_What you have to do_
Find every line of the data below that has "name" in it. Reply with the number only.

_Provided data_
====
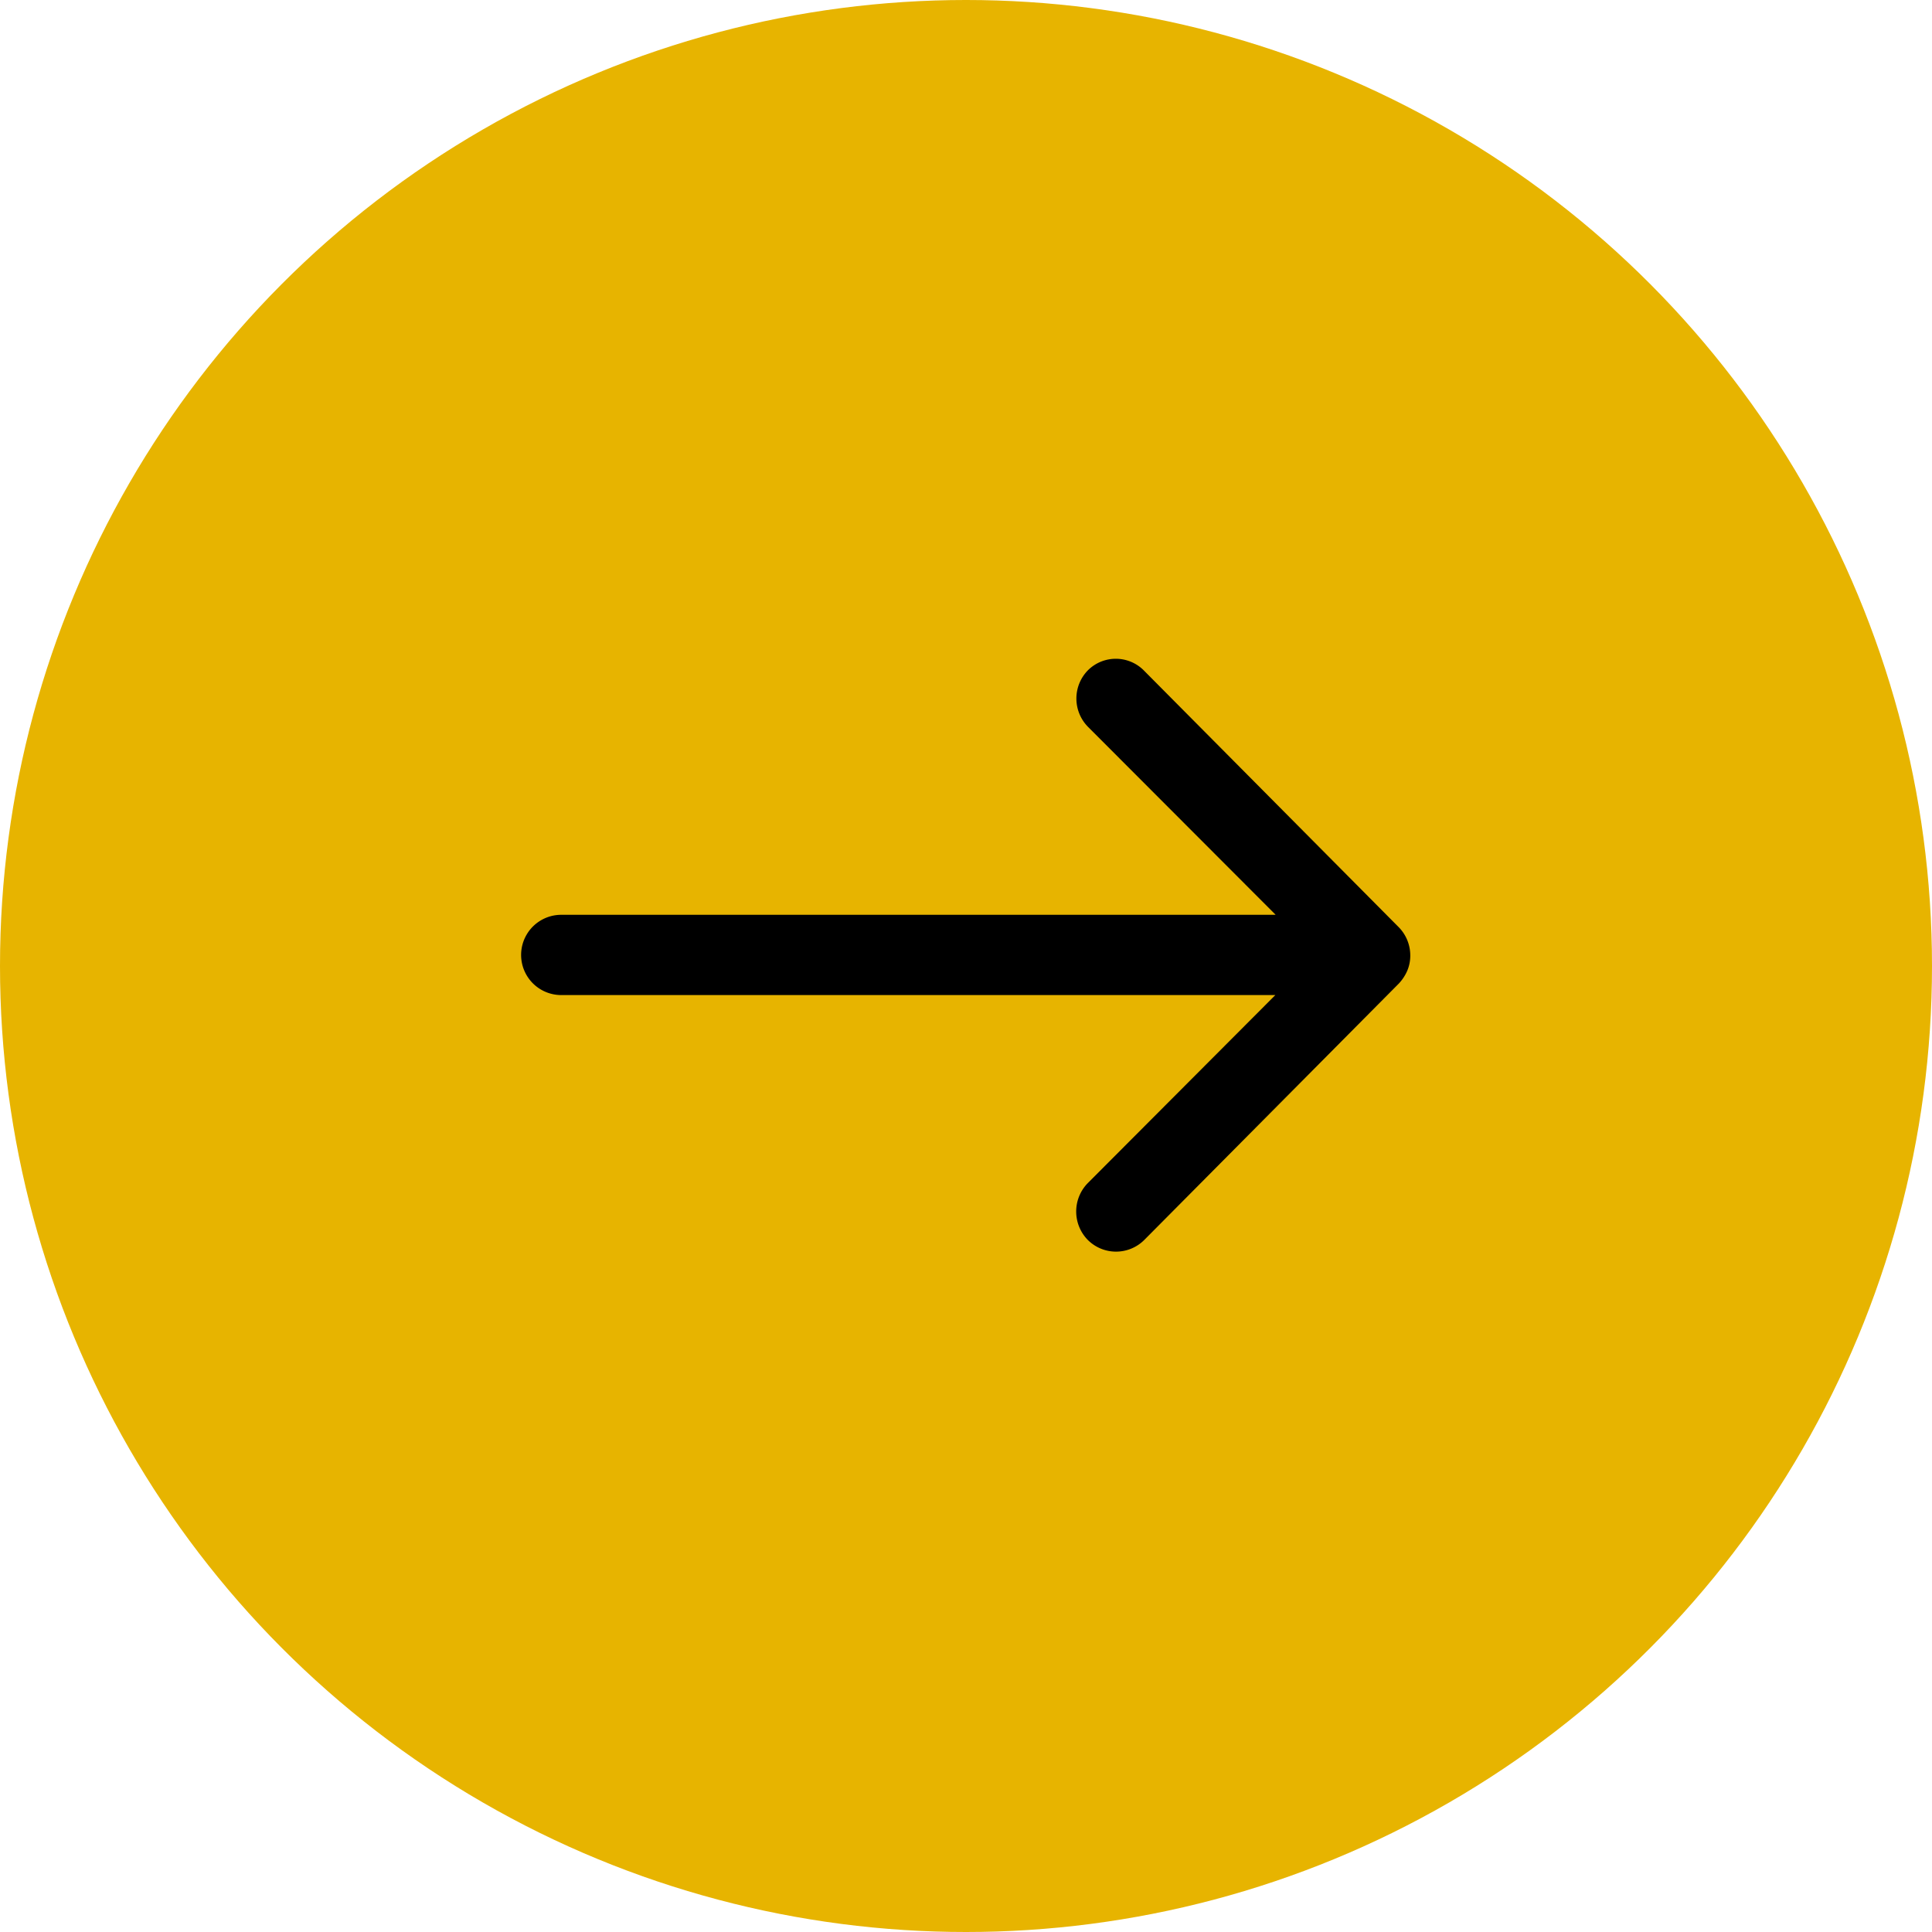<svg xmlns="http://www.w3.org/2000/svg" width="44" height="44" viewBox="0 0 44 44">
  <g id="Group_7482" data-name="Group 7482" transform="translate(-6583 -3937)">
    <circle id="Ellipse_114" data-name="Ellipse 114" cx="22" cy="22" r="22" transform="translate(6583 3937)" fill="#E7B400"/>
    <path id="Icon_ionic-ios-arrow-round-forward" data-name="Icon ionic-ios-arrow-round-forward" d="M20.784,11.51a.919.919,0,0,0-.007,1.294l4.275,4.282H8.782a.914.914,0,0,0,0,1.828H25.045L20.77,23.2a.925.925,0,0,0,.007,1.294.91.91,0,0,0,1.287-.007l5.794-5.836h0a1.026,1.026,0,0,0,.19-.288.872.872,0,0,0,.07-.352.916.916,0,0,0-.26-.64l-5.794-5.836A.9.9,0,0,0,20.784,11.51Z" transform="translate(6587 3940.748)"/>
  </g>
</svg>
====
_Solution to the problem_
3